Half showers are dangerous. Half showers are lazy showers. Half showers are for people like me who don’t want to go through all the effort of a full body shower when all they need is to, ahem, “freshen up”. (And please don’t look at me like my lady parts are so much smellier than yours after a day in yoga pants that you don’t know what I’m talking about.) Of course, taking off that ratty sweatshirt you’re wearing and putting your hair up so it doesn’t get wet doesn’t take all that much effort. Hence, the slothful tendencies of one like myself who once in awhile takes a half shower.

But this past winter I stopped half showers once and for all. While learning to live on my own again and poorly adjusting to the immense quietude and unbearable absence that filled my home after my separation, I took for granted one of the most important and practical benefits of marriage that I lost: someone to help you when you fall. Literally. Of course, marriage is supposed to be about companionship and conversation and the sharing of daily life. But at a more basic level, sometimes you just need someone to drive you to the hospital.

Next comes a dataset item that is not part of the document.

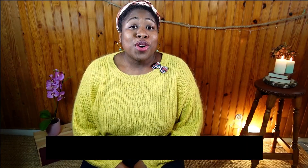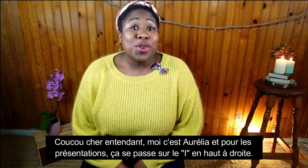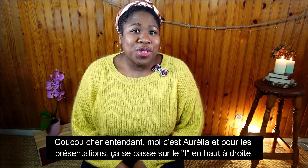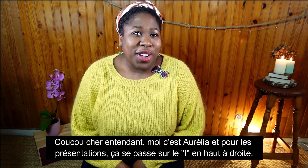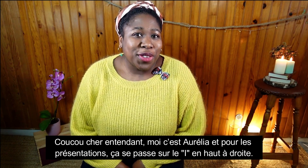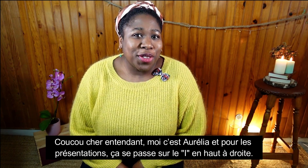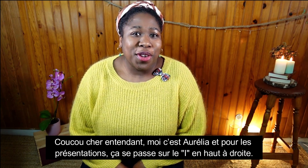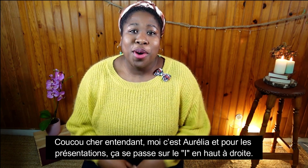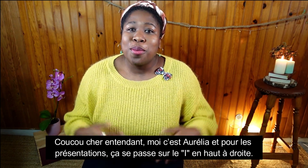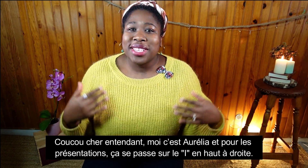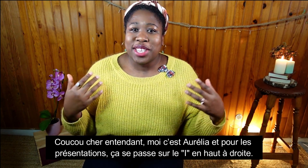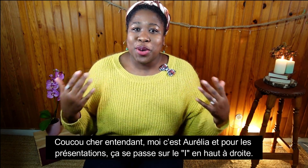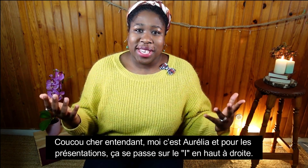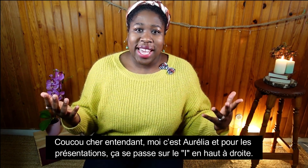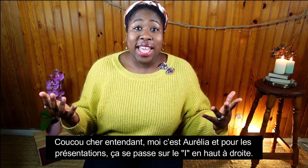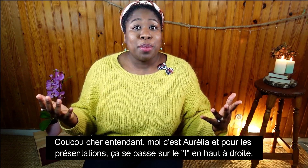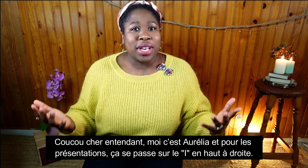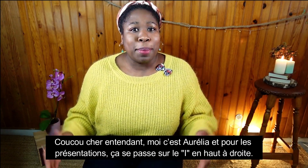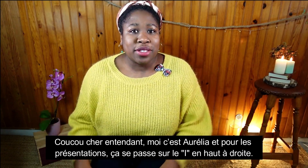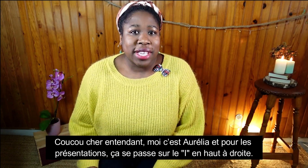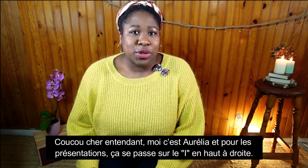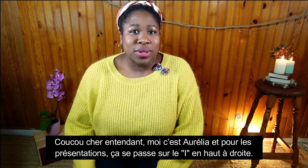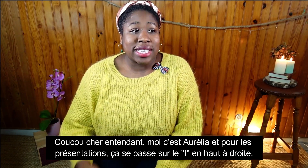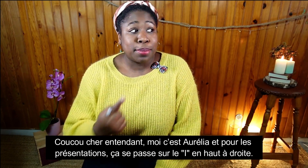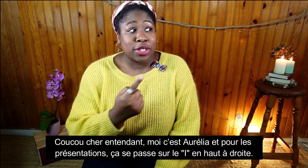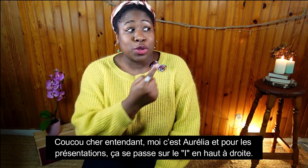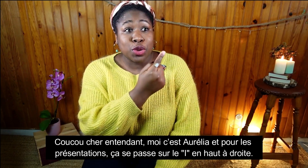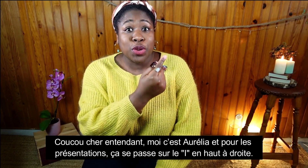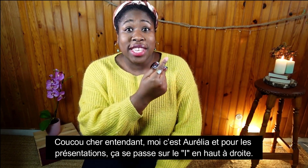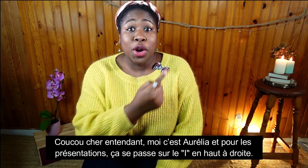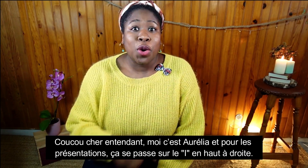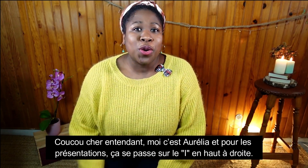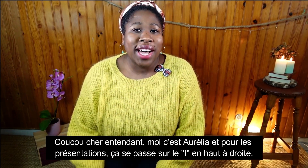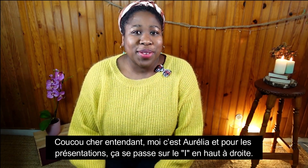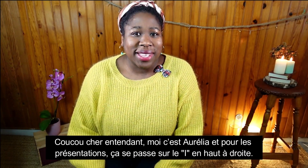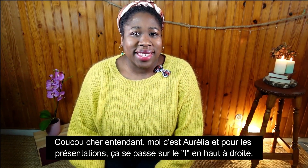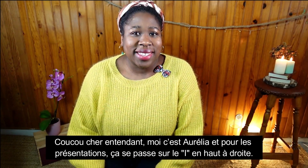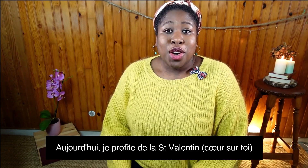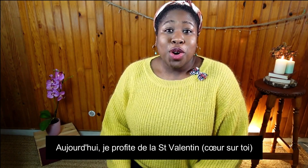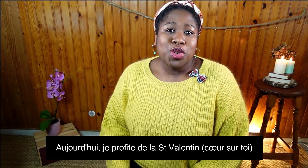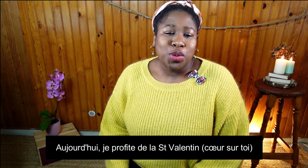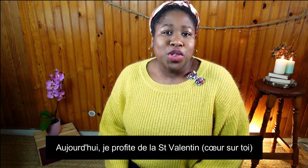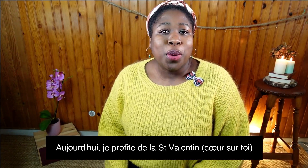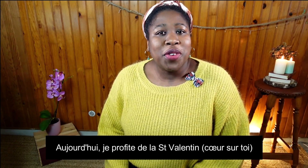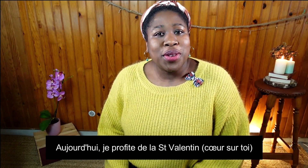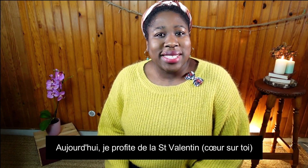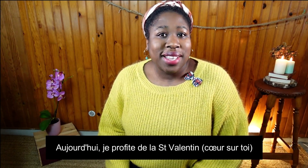Coucou chers entendants, moi c'est Aurélia et pour les présentations ça se passe sur le i en haut à droite. Aujourd'hui je profite de la Saint

Not taking seriously the part of marriage that is about the immediate survival of the species I continued on as before, oblivious to the danger I was putting myself in. This included other risky solitary acts–like attacking the fire alarm at 2:45 because it suddenly needs you to know that the battery died and will make painful chirping noises until you acknowledge this fact. But because I didn’t have a ladder and I lived  in an old house with 12-foot ceilings the only way I could think of making that infernal sound stop involved stacking a desk chair on top of a massage table and hoping not to die. But after taking out the old battery, I realized I didn’t have a fresh 9V battery on hand. So I had to do it all over again the following day. And I spent the whole day while I was at work with the new battery in my purse quietly worrying that this would be the day that the house caught on fire but the alarm wouldn’t be able to warn anyone and everything would be destroyed and it would be all my fault. Because I didn’t have a ladder. Or foresight.

Luckily, I survived my Jenga-esque climb to the fire alarm. And I never fell in a state of half-naked disgrace in my bathtub. Though one day, standing naked from the waist down in my clawfoot tub, doing an awkward back-bend away from the spray so as to not get water on an old, weathered hoodie while my feet worked hard to keep their traction against the wet and soapy bathtub, I suddenly realized: I might fall. And then what?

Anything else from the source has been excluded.